Exercise =
Make an exact copy of the entries, taking out every picture.

Records for this exercise =
══════════════════════════════
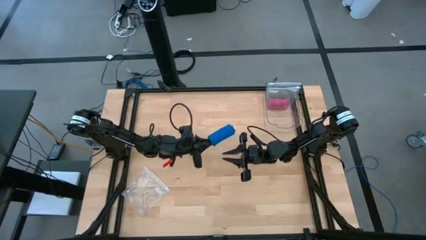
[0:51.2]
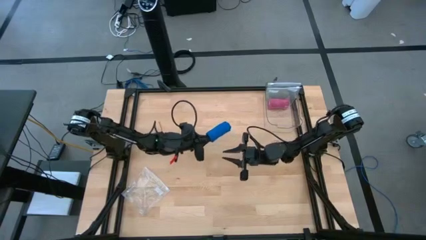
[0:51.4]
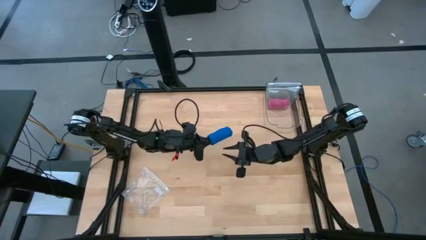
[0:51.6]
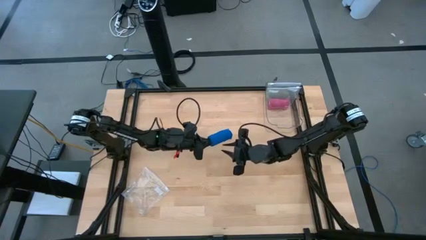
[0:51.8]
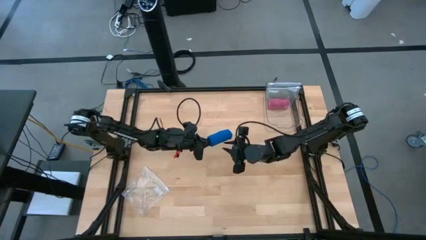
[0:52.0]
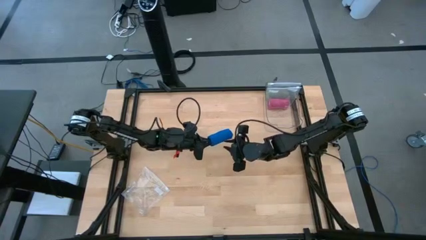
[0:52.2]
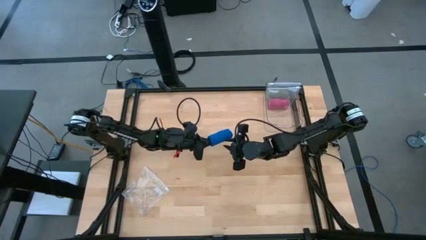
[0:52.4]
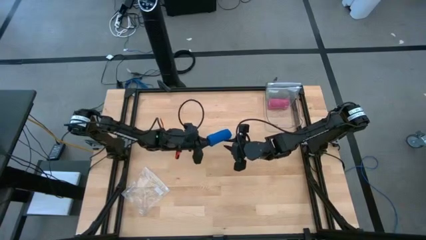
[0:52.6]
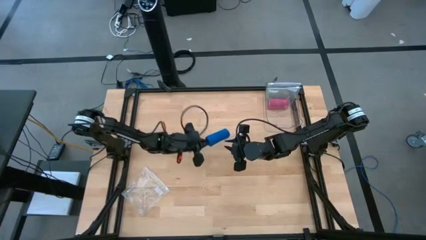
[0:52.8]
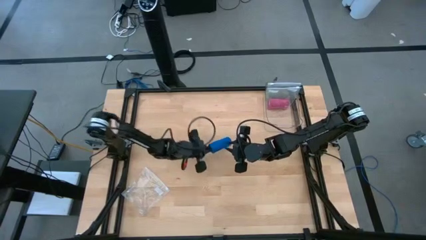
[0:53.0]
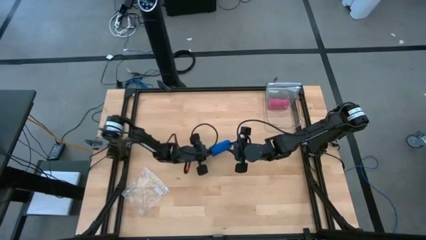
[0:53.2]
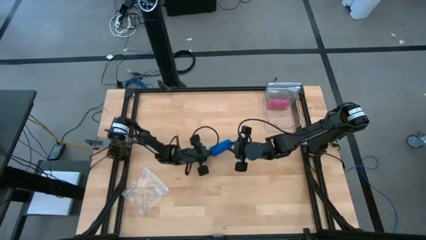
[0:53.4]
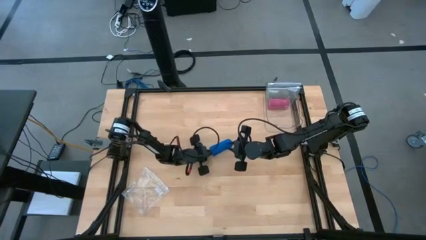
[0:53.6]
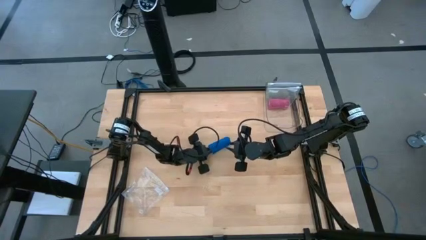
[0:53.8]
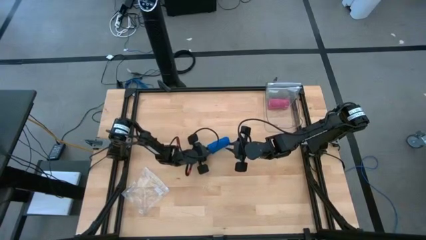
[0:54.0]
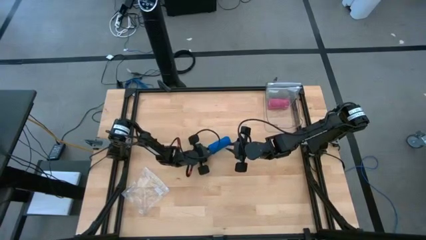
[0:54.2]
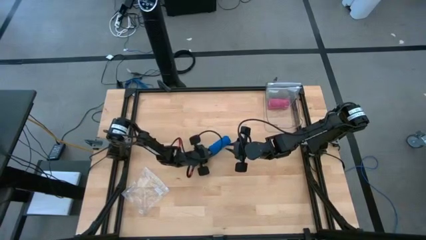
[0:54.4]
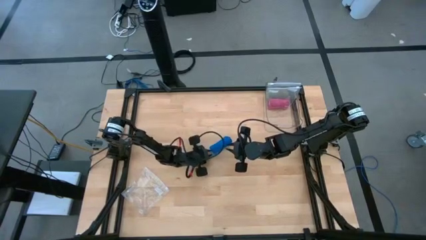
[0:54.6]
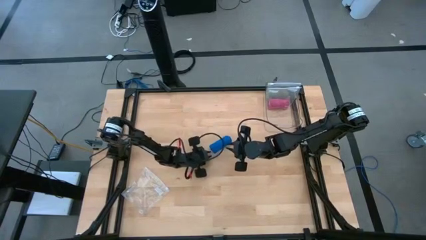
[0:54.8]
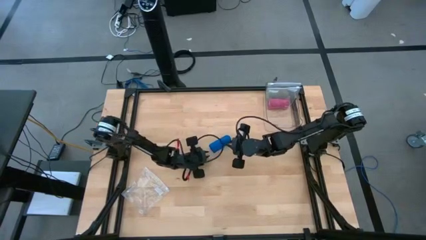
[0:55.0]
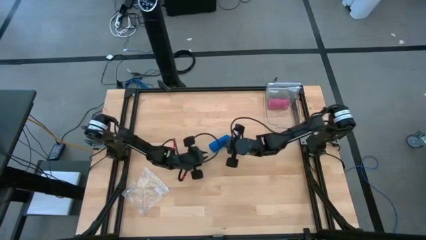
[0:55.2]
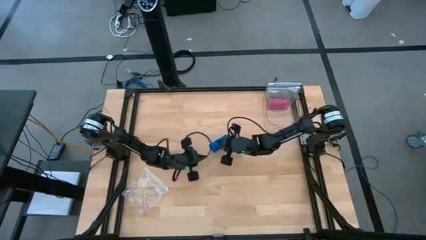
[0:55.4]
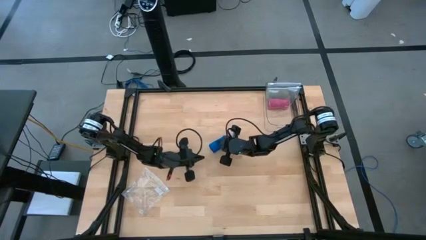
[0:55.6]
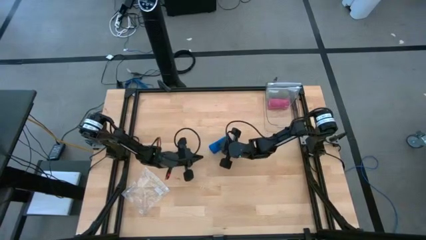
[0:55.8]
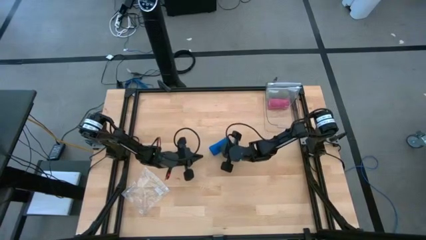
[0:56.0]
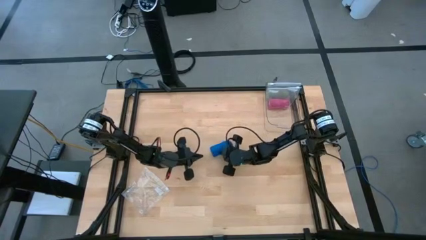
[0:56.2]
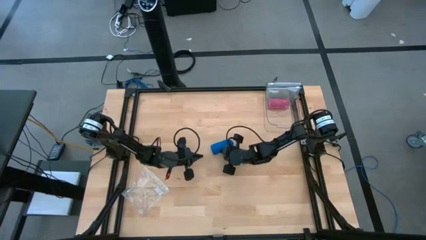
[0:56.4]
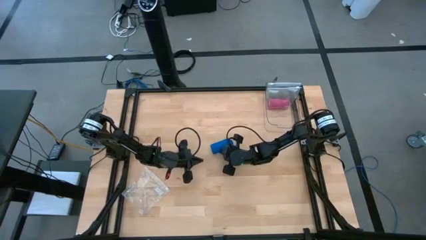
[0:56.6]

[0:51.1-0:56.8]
Roll the blue bandage
══════════════════════════════
Solution =
[0:51.2]
[0:51.4]
[0:51.6]
[0:51.8]
[0:52.0]
[0:52.2]
[0:52.4]
[0:52.6]
[0:52.8]
[0:53.0]
[0:53.2]
[0:53.4]
[0:53.6]
[0:53.8]
[0:54.0]
[0:54.2]
[0:54.4]
[0:54.6]
[0:54.8]
[0:55.0]
[0:55.2]
[0:55.4]
[0:55.6]
[0:55.8]
[0:56.0]
[0:56.2]
[0:56.4]
[0:56.6]

[0:51.1-0:56.8]
Roll the blue bandage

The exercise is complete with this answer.